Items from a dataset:

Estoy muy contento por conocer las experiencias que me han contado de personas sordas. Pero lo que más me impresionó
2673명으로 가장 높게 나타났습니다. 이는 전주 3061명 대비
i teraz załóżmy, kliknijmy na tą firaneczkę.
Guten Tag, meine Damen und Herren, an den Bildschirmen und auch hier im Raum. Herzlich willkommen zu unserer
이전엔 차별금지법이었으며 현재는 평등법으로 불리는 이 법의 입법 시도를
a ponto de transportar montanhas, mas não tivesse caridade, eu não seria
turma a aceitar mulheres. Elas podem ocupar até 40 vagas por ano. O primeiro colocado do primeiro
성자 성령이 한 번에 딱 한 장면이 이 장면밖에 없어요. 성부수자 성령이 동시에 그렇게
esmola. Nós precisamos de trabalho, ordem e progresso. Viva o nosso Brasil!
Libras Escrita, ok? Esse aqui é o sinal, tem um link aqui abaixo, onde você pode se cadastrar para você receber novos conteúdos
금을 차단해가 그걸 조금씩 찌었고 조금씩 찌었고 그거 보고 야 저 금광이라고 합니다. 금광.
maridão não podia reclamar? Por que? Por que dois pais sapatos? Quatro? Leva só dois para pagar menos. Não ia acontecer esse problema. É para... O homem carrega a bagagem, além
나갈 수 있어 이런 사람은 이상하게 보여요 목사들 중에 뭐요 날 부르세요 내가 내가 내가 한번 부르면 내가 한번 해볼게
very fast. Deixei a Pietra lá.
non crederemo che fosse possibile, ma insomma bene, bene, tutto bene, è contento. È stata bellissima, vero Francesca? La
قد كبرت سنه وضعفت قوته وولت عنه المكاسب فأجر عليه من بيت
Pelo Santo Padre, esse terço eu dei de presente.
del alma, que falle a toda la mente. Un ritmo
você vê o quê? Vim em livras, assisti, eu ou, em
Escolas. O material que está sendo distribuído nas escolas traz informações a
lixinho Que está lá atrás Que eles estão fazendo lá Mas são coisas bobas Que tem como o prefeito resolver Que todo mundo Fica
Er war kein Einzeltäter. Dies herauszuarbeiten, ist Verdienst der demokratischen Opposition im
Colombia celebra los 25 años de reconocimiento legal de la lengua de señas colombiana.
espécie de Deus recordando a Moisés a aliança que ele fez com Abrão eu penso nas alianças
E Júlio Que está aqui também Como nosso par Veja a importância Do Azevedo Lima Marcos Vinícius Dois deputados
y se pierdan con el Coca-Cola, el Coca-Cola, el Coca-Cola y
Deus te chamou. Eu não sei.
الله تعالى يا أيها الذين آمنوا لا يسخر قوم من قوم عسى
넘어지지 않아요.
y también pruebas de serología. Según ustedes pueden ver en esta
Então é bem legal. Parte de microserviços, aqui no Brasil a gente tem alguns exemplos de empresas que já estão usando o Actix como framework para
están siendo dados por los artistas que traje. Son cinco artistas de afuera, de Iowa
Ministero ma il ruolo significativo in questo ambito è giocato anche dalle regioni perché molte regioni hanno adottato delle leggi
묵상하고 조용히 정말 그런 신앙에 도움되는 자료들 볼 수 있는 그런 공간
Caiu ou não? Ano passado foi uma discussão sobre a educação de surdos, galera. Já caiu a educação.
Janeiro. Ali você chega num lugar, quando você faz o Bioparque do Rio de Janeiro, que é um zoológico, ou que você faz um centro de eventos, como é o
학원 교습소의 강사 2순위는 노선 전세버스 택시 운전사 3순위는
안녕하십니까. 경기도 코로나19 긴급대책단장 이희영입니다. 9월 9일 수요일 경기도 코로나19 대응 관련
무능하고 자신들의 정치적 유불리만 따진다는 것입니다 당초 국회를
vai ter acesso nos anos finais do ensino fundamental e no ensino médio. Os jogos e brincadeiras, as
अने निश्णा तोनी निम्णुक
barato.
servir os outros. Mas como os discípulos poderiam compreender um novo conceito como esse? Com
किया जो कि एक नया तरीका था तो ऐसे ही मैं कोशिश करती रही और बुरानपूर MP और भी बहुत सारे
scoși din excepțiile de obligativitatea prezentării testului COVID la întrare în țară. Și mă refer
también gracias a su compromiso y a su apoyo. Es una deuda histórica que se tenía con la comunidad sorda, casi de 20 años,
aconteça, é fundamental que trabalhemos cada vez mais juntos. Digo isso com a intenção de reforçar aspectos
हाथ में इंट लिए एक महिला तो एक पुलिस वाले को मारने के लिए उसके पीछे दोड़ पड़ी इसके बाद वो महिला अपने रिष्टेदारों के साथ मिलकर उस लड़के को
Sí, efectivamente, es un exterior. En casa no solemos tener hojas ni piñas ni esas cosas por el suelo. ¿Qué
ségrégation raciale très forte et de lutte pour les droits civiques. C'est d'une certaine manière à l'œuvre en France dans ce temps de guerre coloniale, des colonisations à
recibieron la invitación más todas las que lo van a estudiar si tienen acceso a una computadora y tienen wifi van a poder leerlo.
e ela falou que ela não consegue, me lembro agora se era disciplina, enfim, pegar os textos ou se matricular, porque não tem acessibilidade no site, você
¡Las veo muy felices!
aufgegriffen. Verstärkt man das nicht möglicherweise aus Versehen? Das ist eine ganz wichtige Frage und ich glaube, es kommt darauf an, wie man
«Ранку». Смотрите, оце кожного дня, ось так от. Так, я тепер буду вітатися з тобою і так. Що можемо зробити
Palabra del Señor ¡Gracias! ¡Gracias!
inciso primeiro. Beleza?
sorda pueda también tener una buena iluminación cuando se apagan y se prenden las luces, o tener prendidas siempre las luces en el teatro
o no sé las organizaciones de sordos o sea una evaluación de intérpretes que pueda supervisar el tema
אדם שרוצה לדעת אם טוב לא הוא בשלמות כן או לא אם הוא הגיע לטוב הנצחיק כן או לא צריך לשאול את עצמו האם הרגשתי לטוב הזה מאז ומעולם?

About this task
Go through the data above from its first line and copy each line exactly, stopping once the line with "a ponto de transportar" has been copied.

Response
Estoy muy contento por conocer las experiencias que me han contado de personas sordas. Pero lo que más me impresionó
2673명으로 가장 높게 나타났습니다. 이는 전주 3061명 대비
i teraz załóżmy, kliknijmy na tą firaneczkę.
Guten Tag, meine Damen und Herren, an den Bildschirmen und auch hier im Raum. Herzlich willkommen zu unserer
이전엔 차별금지법이었으며 현재는 평등법으로 불리는 이 법의 입법 시도를
a ponto de transportar montanhas, mas não tivesse caridade, eu não seria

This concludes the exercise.